On Three-Algebra and Bi-Fundamental Matter Amplitudes and Integrability of Supergravity

TL;DR

This paper investigates the structure of tree-level amplitudes in bi-fundamental matter theories using Lie three-algebras, revealing dimension-dependent relations and connections to supergravity integrability.

Contribution

It derives Kleiss-Kuijf-like relations and explores color-kinematics duality in bi-fundamental theories, highlighting differences across dimensions and linking to supergravity integrability.

Findings

Color-kinematics duality exists in 2D but not in higher dimensions.

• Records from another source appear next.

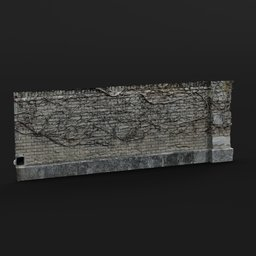
Label: architecture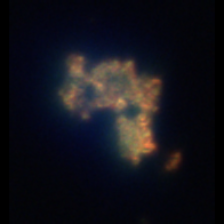
Taxon: Unknown_detritus
Group: Unknown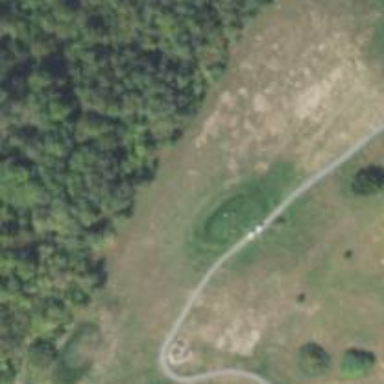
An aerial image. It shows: Golf tee.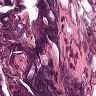
Metastatic tissue present: no
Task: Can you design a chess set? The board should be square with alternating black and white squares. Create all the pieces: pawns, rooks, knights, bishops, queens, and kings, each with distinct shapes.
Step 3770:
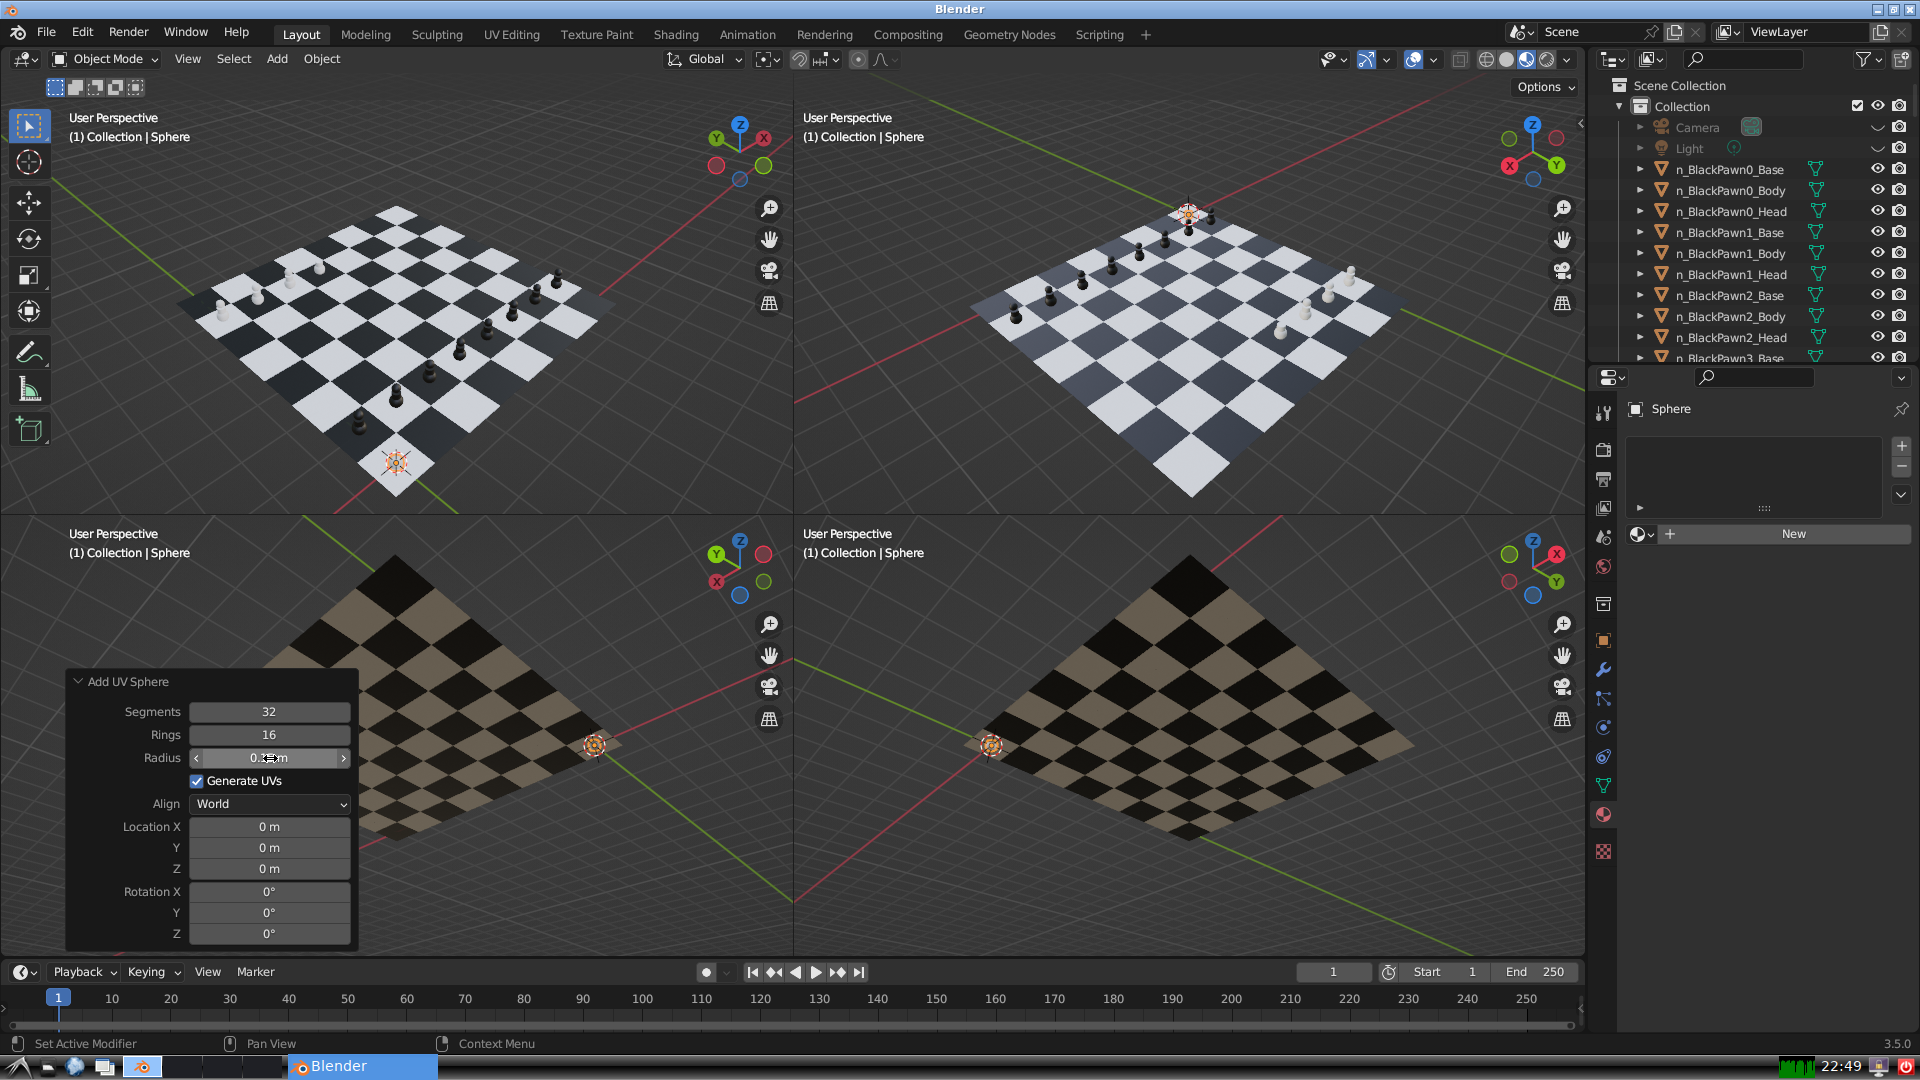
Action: click: no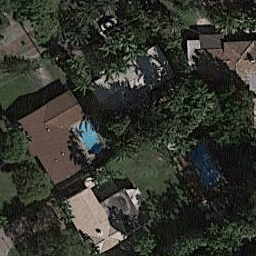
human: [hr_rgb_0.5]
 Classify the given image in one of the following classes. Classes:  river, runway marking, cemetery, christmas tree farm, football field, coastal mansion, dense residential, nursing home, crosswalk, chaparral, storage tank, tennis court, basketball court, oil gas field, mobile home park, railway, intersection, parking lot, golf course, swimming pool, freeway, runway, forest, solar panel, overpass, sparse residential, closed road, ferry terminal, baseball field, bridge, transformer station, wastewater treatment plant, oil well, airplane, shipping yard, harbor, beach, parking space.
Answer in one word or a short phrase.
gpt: coastal mansion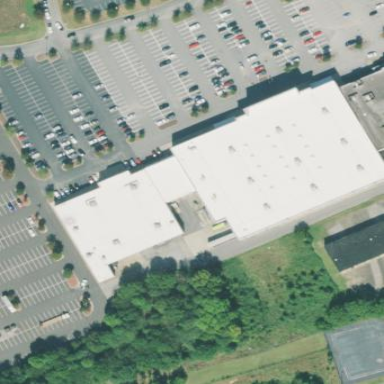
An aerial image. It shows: Retail building.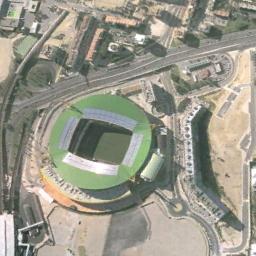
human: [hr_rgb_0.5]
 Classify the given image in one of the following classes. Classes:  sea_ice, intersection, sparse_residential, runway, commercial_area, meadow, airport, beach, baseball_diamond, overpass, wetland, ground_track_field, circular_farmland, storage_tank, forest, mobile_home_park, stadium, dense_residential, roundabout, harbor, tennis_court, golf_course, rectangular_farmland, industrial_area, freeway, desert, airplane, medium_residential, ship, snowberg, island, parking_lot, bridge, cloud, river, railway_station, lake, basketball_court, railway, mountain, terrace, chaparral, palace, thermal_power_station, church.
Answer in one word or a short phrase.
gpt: stadium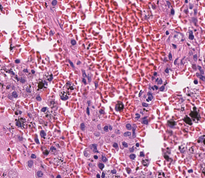
Tumor epithelial tissue: no
Tumor-associated stroma tissue: yes
Normal tissue: no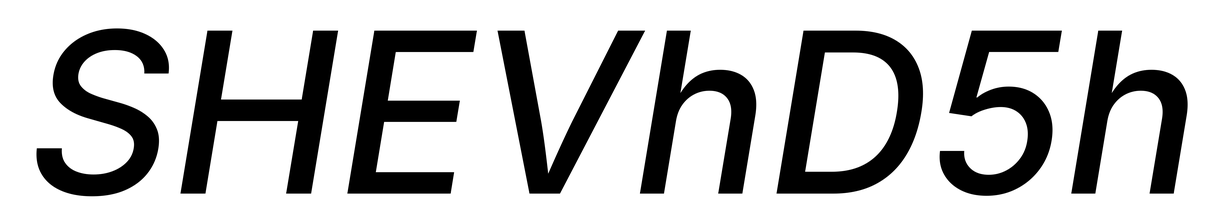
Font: Inter-Italic_Medium_Italic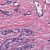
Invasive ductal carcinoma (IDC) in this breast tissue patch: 1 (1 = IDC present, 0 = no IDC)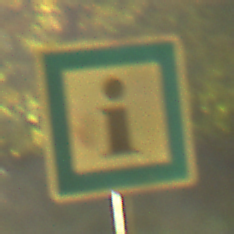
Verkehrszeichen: Informationsstelle
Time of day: SunriseSunset
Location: Outdoor (Nature)
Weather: PartlyCloudy
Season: NotSpecified
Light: Natural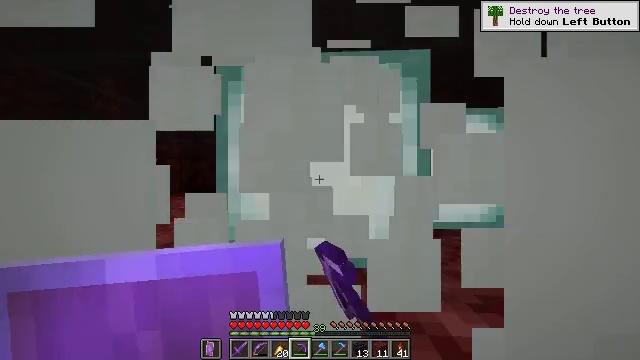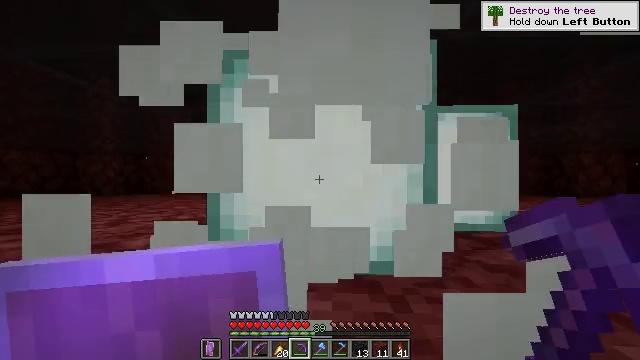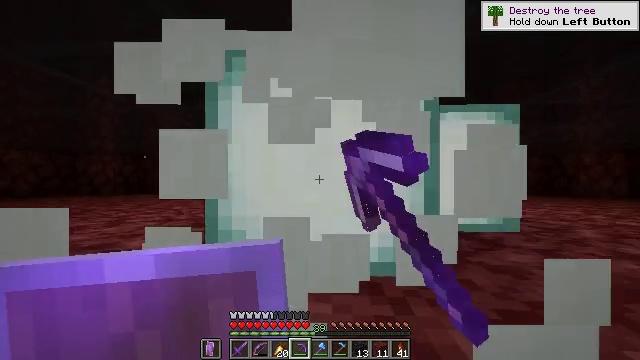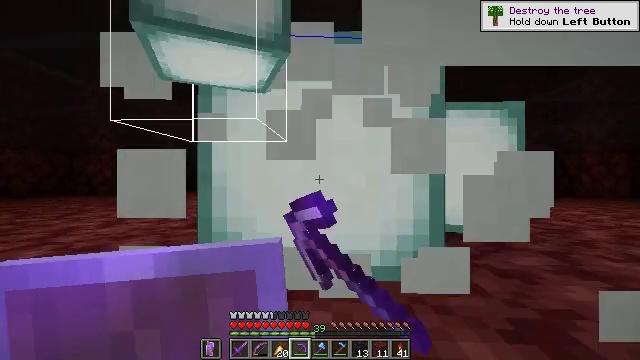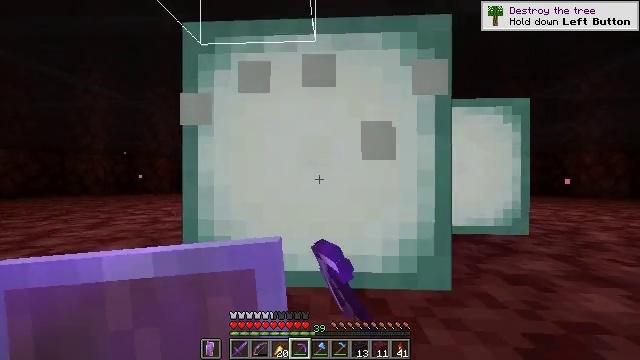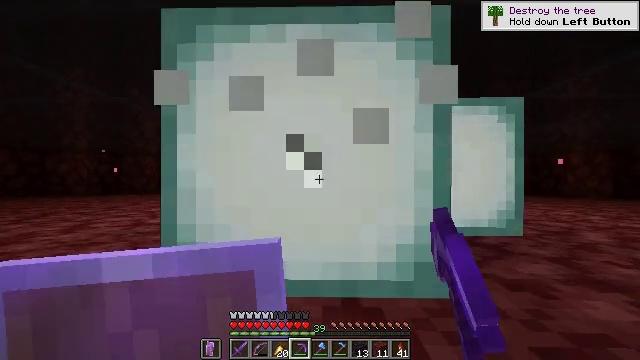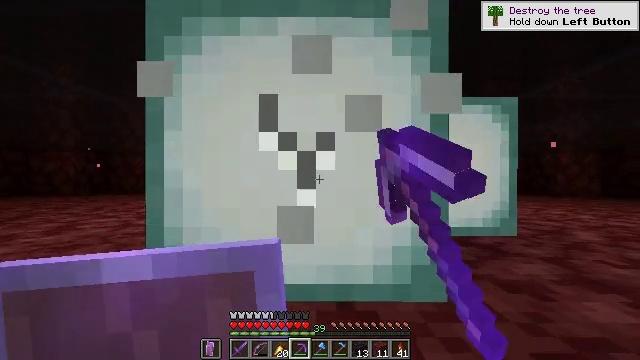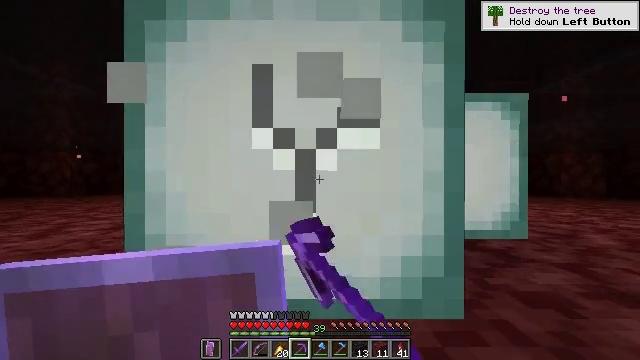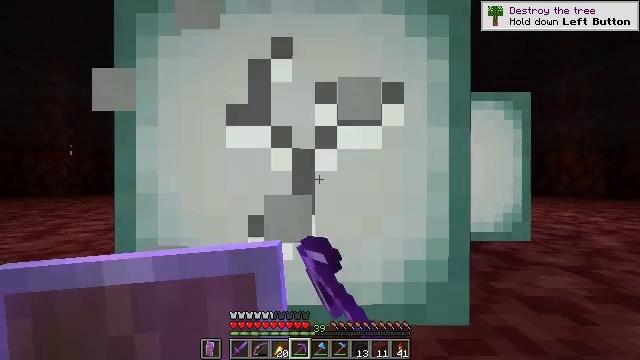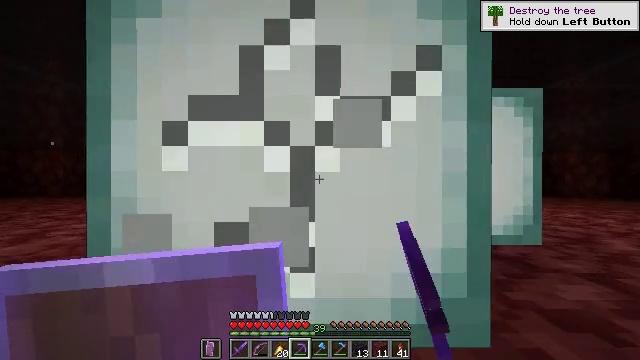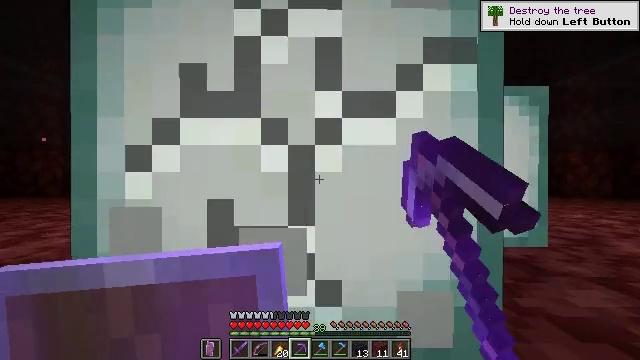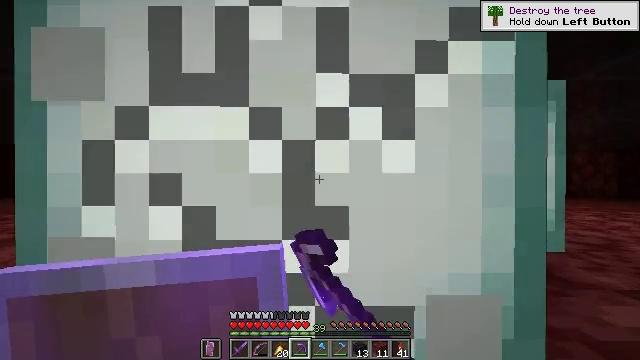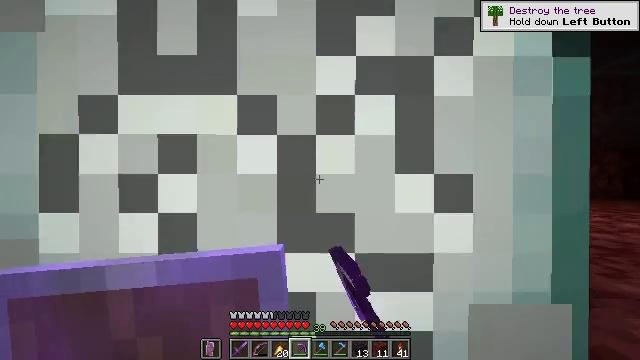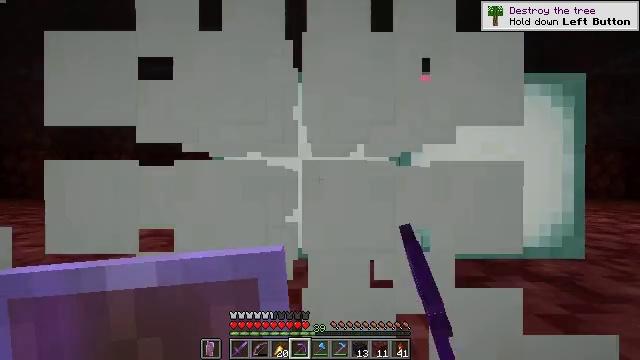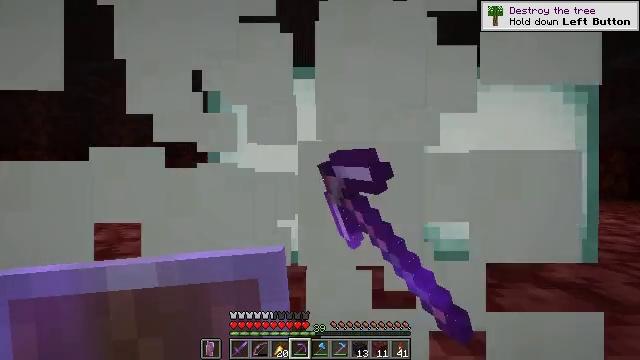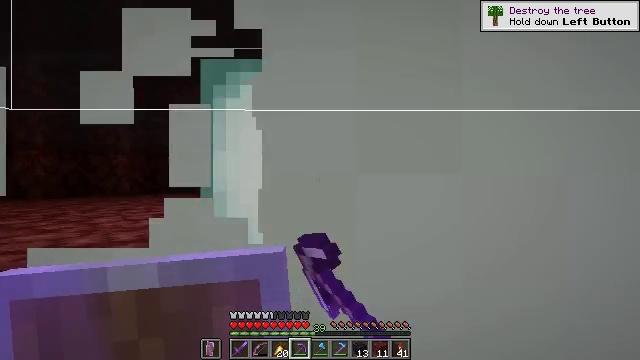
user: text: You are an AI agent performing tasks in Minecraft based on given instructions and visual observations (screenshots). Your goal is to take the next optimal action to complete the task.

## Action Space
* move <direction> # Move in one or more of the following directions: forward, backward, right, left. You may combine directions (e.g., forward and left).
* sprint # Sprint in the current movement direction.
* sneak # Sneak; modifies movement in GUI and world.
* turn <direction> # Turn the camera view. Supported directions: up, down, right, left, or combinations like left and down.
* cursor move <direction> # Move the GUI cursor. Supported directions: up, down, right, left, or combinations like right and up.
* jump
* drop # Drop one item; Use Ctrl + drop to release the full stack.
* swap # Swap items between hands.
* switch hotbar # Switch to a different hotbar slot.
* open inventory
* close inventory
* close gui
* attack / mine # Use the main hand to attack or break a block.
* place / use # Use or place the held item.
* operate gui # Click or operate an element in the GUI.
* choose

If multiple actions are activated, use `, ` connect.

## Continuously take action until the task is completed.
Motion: motion action
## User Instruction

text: Harvest the sea lantern from its structure.
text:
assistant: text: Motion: move forward, attack / mine
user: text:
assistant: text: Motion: move forward, attack / mine
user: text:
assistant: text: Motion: move forward, attack / mine
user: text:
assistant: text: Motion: move forward, attack / mine
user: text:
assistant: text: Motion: move forward, turn right, attack / mine
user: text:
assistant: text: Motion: move forward, turn right, attack / mine
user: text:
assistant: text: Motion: move forward, attack / mine
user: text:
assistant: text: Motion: move forward, attack / mine
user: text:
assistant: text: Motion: move forward, attack / mine
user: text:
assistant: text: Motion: move forward, attack / mine
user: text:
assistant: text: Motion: move forward, attack / mine
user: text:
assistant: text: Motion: move forward, attack / mine
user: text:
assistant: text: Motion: move forward, attack / mine
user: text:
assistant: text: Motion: move forward, attack / mine
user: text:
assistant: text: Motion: move forward, attack / mine
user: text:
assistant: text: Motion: move forward, attack / mine
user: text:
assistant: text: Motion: move forward, attack / mine
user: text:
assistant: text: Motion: move forward, attack / mine
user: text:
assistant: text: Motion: move forward, attack / mine
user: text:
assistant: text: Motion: move forward, attack / mine
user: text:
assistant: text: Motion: move forward, attack / mine
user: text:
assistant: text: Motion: move forward, attack / mine
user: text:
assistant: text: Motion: move forward, attack / mine
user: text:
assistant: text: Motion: move forward, attack / mine
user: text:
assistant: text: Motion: move forward, attack / mine
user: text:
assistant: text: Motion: move forward, attack / mine
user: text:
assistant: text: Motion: move forward, attack / mine
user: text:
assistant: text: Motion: move forward, attack / mine
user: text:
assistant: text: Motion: move forward, attack / mine
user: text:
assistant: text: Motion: move forward, attack / mine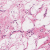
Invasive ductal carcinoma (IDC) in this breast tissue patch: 0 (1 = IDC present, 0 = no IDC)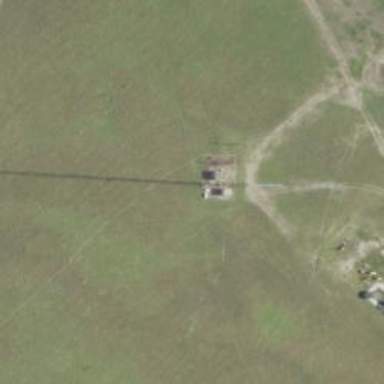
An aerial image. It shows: Mast tower used for communication.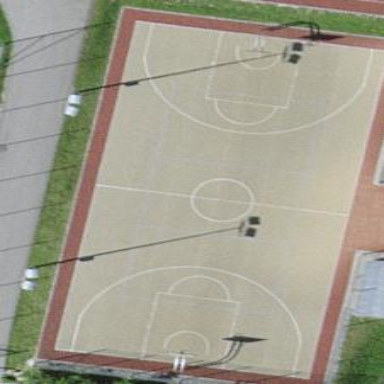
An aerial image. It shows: Basketball court on pitch.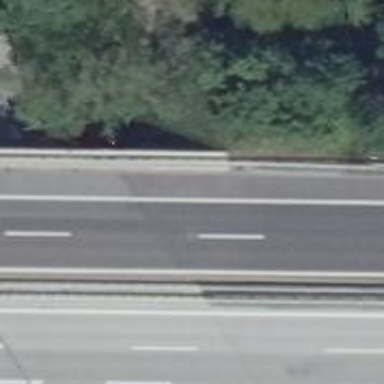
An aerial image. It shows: Asphalt motorway.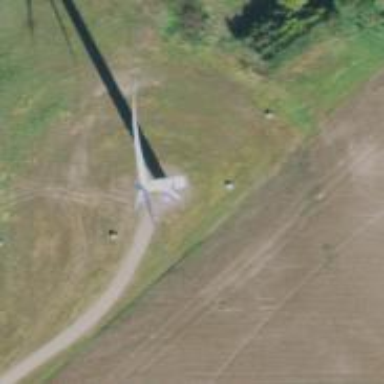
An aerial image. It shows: Wind generator in the form of horizontal axis wind turbine.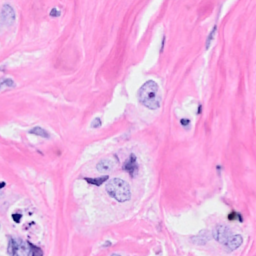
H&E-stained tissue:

Four- and six-point amplitudes are related between theories, explaining previous results.

In 2D, amplitudes satisfy Yang-Baxter equations and vanish as expected from integrability.

Abstract

We explore tree-level amplitude relations for SU(N)xSU(M) bi-fundamental matter theories. Embedding the group-theory structure in a Lie three-algebra, we derive Kleiss-Kuijf-like relations for bi-fundamental matter theories in general dimension. We investigate the three-algebra color-kinematics duality for these theories. Unlike the Yang-Mills two-algebra case, the three-algebra Bern-Carrasco-Johansson relations depend on the spacetime dimension and on the detailed symmetry properties of the structure constants. We find the presence of such relations in three and two dimensions, and absence in D>3. Surprisingly, beyond six point, such relations are absent in the Aharony-Bergman-Jafferis-Maldacena theory for general gauge group, while the Bagger-Lambert-Gustavsson theory, and its supersymmetry truncations, obey the color-kinematics duality like clockwork. At four and six points the relevant partial amplitudes of the two theories are bijectively related, explaining previous results in the literature. In D=2 the color-kinematics duality gives results consistent with integrability of two-dimensional $\mathcal{N}=16$ supergravity: The four-point amplitude satisfies a Yang-Baxter equation; the six- and eight-point amplitudes vanish for certain kinematics away from factorization channels, as expected from integrability.